- Task details -
Leaving out the images, transcribe every record below exactly.

- Data shown -
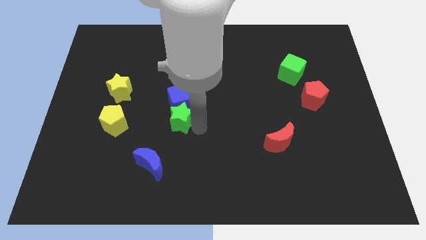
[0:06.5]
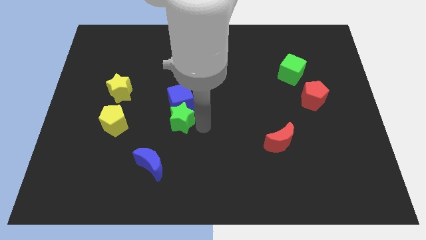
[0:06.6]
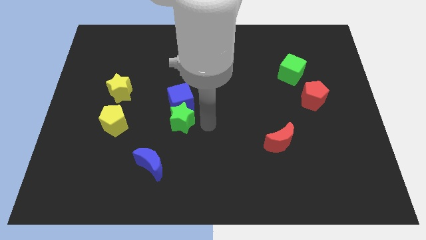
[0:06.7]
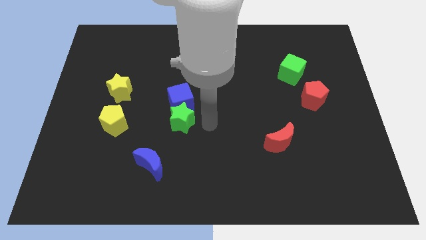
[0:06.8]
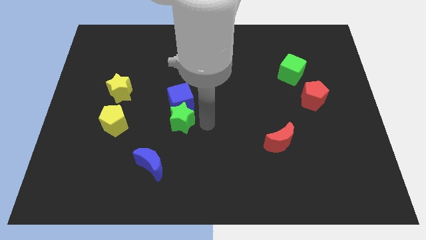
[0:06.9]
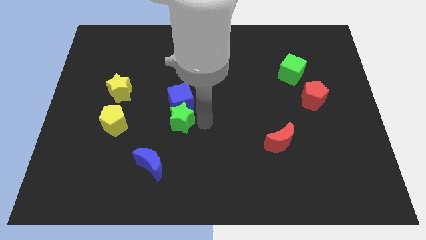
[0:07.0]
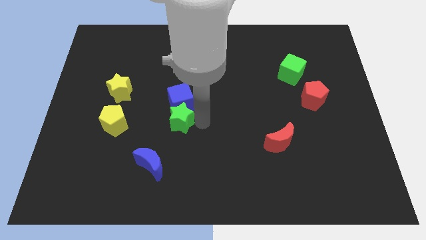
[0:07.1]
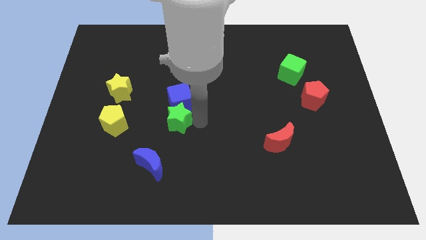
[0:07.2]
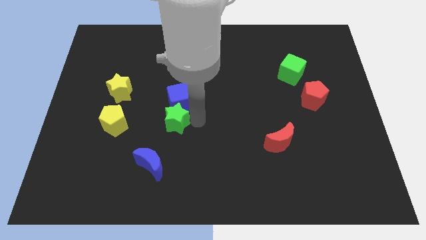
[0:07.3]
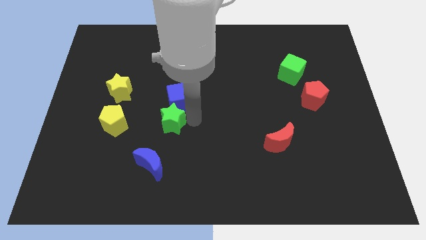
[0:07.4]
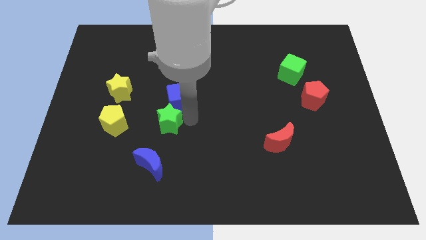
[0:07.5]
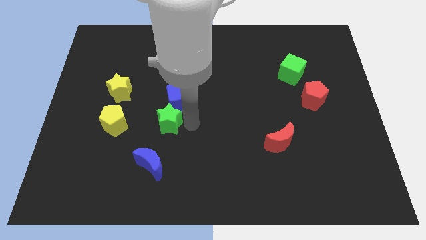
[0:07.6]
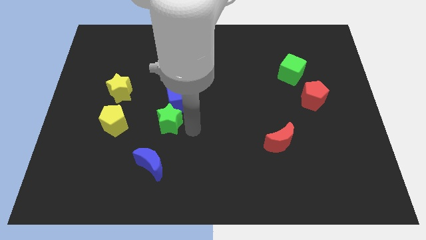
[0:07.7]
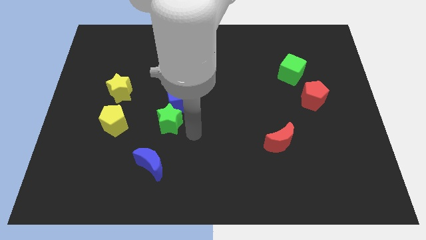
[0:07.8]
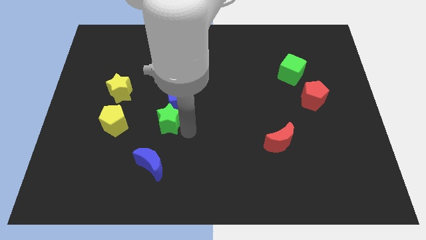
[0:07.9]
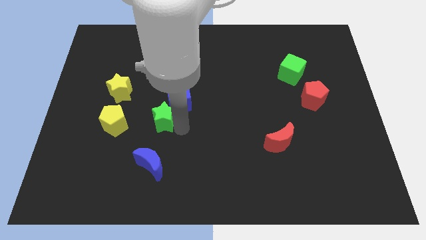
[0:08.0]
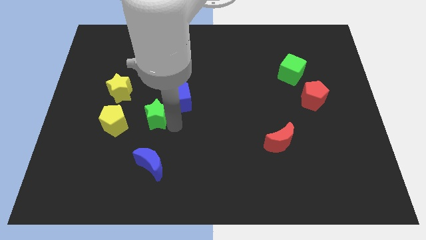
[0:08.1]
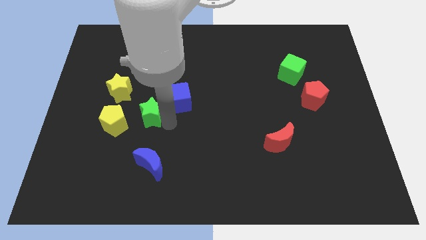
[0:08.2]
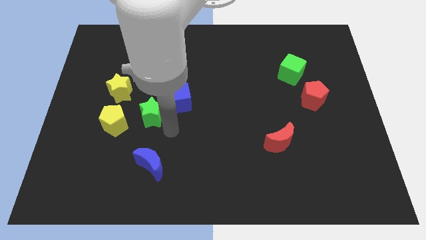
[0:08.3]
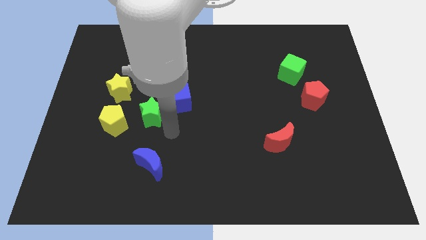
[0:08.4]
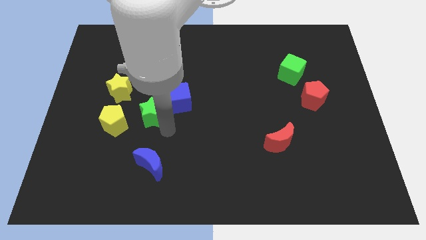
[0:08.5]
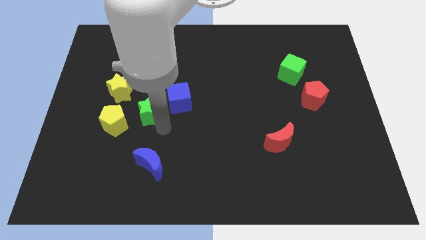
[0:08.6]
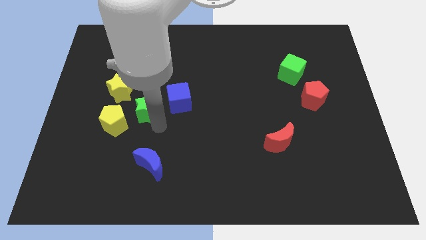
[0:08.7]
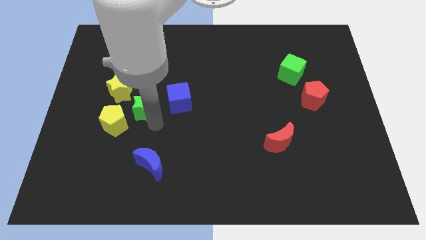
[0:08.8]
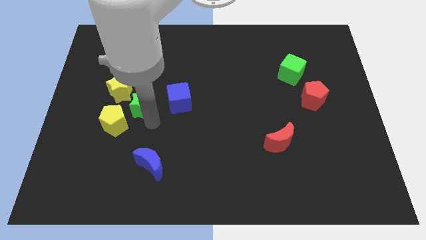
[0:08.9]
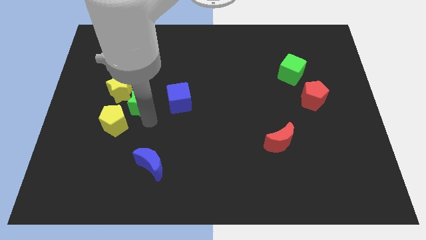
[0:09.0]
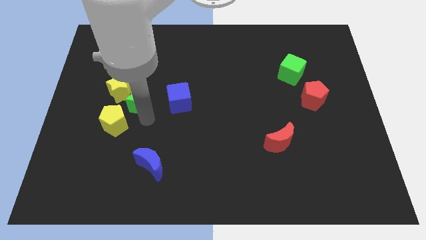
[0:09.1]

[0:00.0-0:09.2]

- Final answer -
[0:06.5]
[0:06.6]
[0:06.7]
[0:06.8]
[0:06.9]
[0:07.0]
[0:07.1]
[0:07.2]
[0:07.3]
[0:07.4]
[0:07.5]
[0:07.6]
[0:07.7]
[0:07.8]
[0:07.9]
[0:08.0]
[0:08.1]
[0:08.2]
[0:08.3]
[0:08.4]
[0:08.5]
[0:08.6]
[0:08.7]
[0:08.8]
[0:08.9]
[0:09.0]
[0:09.1]

[0:00.0-0:09.2]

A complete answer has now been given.